A few words of warning: I don't have a lot of experience with Haskell, and very little indeed with some of its more advanced features (functors and monads, for instance). I might miss important details; I might even misrepresent important details; I'll try not to. If you notice anything that I should have said, but didn't, or any mistakes I've made, please let me know.

0. What is Haskell?

According to haskell.org,

Haskell is a computer programming language. In particular, it is a polymorphicly typed, lazy, purely functional language, quite different from most other programming languages. The language is named for Haskell Brooks Curry, whose work in mathematical logic serves as a foundation for functional languages.

Haskell lets you do a lot of the things that you probably really like about Perl, especially relating to lists and lambdas (anonymous functions). It's that list-manipulation similarity that I'm going to try to exploit to bulldoze the learning curve a bit.

haskell.org is Haskell's big web presence; it's an excellent collection of links and resources. It has a rather complete list of implementations, of which hugs and ghc are probably the most popular. It also hosts A Gentle Introduction to Haskell (which isn't especially gentle), and links to The Evolution of a Haskell Programmer, both of which you should skim through while you read these nodes.

1. Okay, What's a Polymorphically Typed, Lazy, Purely Functional Language?

1.1. Functional Languages

I haven't been able to get anyone to agree on a definition of what makes a language functional. Functional languages (Lispen, Haskell, ML, Miranda, etc) share a few useful characteristics, though:

Good list-processing facilities

Perl has a few generalized list-munging tools (map and grep come to mind, as well as for (@list) auto-binding $_). Haskell has more -- nothing you can't implement with what we have, of course (just look at Language::Functional), but well-integrated into the language. Lists aren't quite as ubiquitous in Haskell as they are in Lisp, but they're pretty close.

Ad-hoc, anonymous functions (lambdas)

You know that anonymous code block you can pass to map or grep? Yep. In Perl, you can build anonymous subs and assign them to coderefs; in functional languages, building anonymous and/or locally-scoped functions is just another idiom.

First-class functions

Once you have lambdas that are fun and easy to sling around, you can do a lot more with functions than just call them. You can pass them to other functions, store them in lists, build a bunch of related functions on the fly, and so on. (You can do all of this in Perl, too: for instance, storing a bunch of handler functions in a hash as a dispatch table.)

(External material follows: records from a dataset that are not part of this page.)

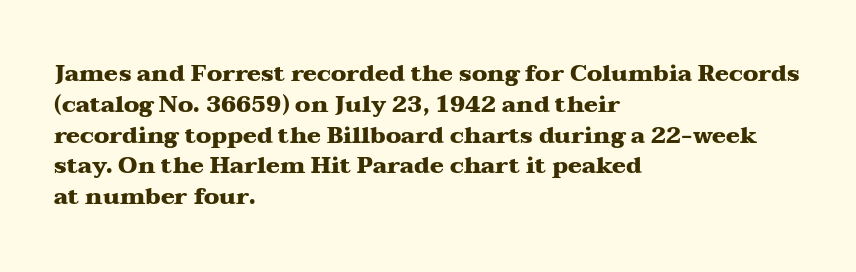
The image shows 23 px bold type, upright; set left-aligned, normal line spacing (1.34x), normal letter spacing, not underlined.
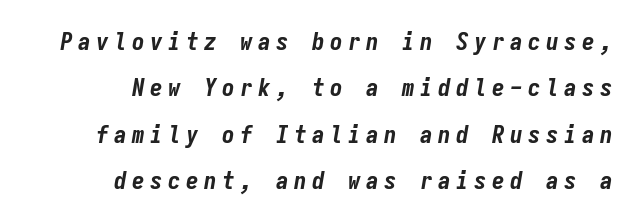
Q: Is the text bold? A: Yes.
Q: Is the text italic (slanted)? A: Yes, it leans right by about 9 degrees.
Q: Is the text underlined? A: No.
Q: How is the paragraph aligned? A: Right-aligned.
Q: Is the spacing between letters normal or unusually wide? A: Unusually wide.
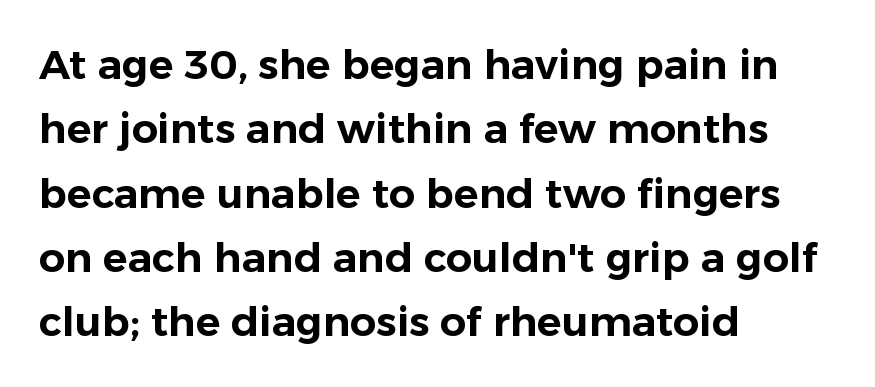
The image shows 41 px sans-serif type, upright; set left-aligned, normal line spacing (1.57x), normal letter spacing, not underlined; low stroke contrast and a medium x-height.
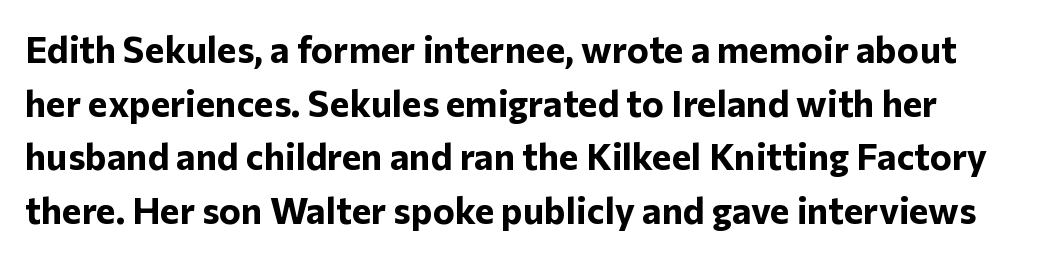
{"serif": "no", "italic": "no", "bold": "yes", "weight": "bold", "width": "normal", "stroke_contrast": "low", "x_height": "medium", "monospaced": "no", "underline": "no", "line_spacing": "normal", "line_spacing_ratio": 1.45, "letter_spacing": "normal", "letter_spacing_em": 0.0, "glyph_px": 37}
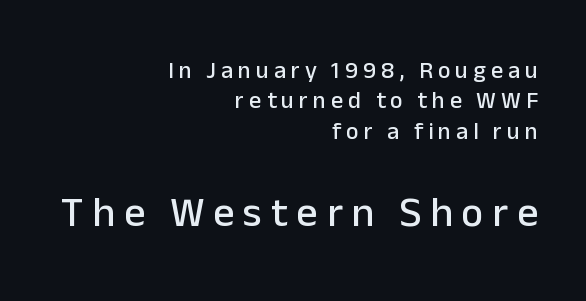
The image shows 42 px sans-serif type, upright; set right-aligned, normal line spacing (1.27x), unusually wide letter spacing (+0.21 em), not underlined; the second (bottom) block is 1.75x larger; low stroke contrast and a medium x-height.
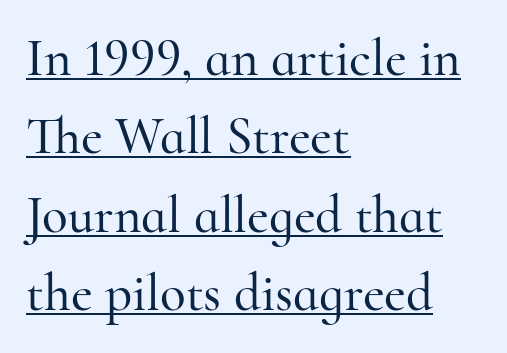
{"serif": "yes", "italic": "no", "width": "normal", "stroke_contrast": "high", "x_height": "small", "monospaced": "no", "underline": "yes", "align": "left", "line_spacing": "normal", "line_spacing_ratio": 1.48, "letter_spacing": "normal", "letter_spacing_em": 0.0, "glyph_px": 53}
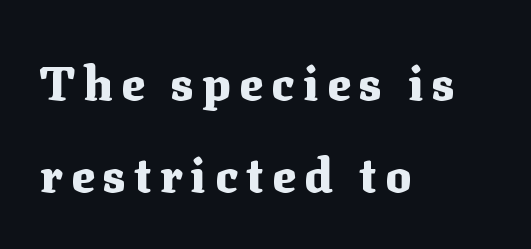
Q: Is the text bold? A: Yes.
Q: Is the text italic (slanted)? A: No, it is upright.
Q: Is the typeface a serif or a sans-serif typeface? A: Serif.
Q: Is the text underlined? A: No.
Q: How is the paragraph aligned? A: Left-aligned.
Q: Is the spacing between lines tight, normal or loose? A: Loose.
Q: Width (condensed, normal, or wide)? A: Normal.
Q: Stroke contrast? A: Medium.
Q: x-height? A: Medium.
Q: Monospaced? A: No.
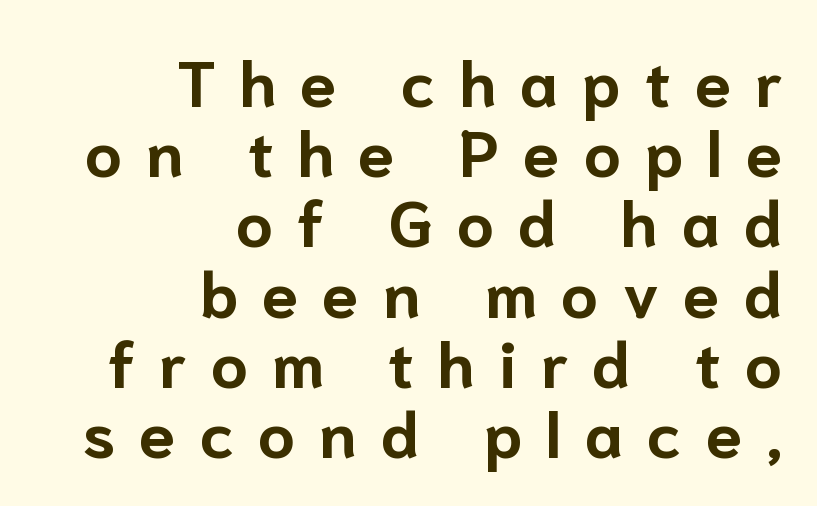
The type is letterspaced generously, with wide tracking. A student would call this right alignment; a typographer would say flush right, rag left. This sample uses a sans-serif face. Each row of text sits above clean, open space. The font is running at its bold setting.

Since functions are first-class objects, there's nothing preventing you from writing functions that operate on functions (in fact, this is quite common). These are known as higher-order functions, and are rather closely tied to the idea of currying (see below).

No side effects

Well, mostly. If you ignore inconvenient ideas like I/O, Haskell is pretty much entirely free of side effects (for example, the Perl expression $foo = 5 evaluates to 5, and changes the value of $foo as a side effect -- or is it the other way around?). Proponents of this sort of programming will tell you that side-effect-free programming causes far fewer bugs; I'm going to reserve judgement on this point. Put simply, don't expect to do much in the way of assignment or iteration in Haskell. (Note that if you consider Lisp and friends to be functional languages, you probably don't consider this to be a defining point -- unless your variety of Lisp doesn't have setq, of course.)

1.2. Polymorphic Typing

Haskell is a polymorphically typed language. If that makes you think of object-oriented "strongly typed" languages like Java or C++, you're not too far off the mark. (In fact, you'll probably spend your first few months with Haskell cursing its anal-retentive type system, especially given the fact that neither hugs nor ghc produces particularly clear type-error reports.) It's not as bad as you think, though: Haskell is pretty clever at inferring types for your expressions and functions -- however, any type mismatches will be caught at compile-time, not at runtime. (This is generally supposed to be a good thing.)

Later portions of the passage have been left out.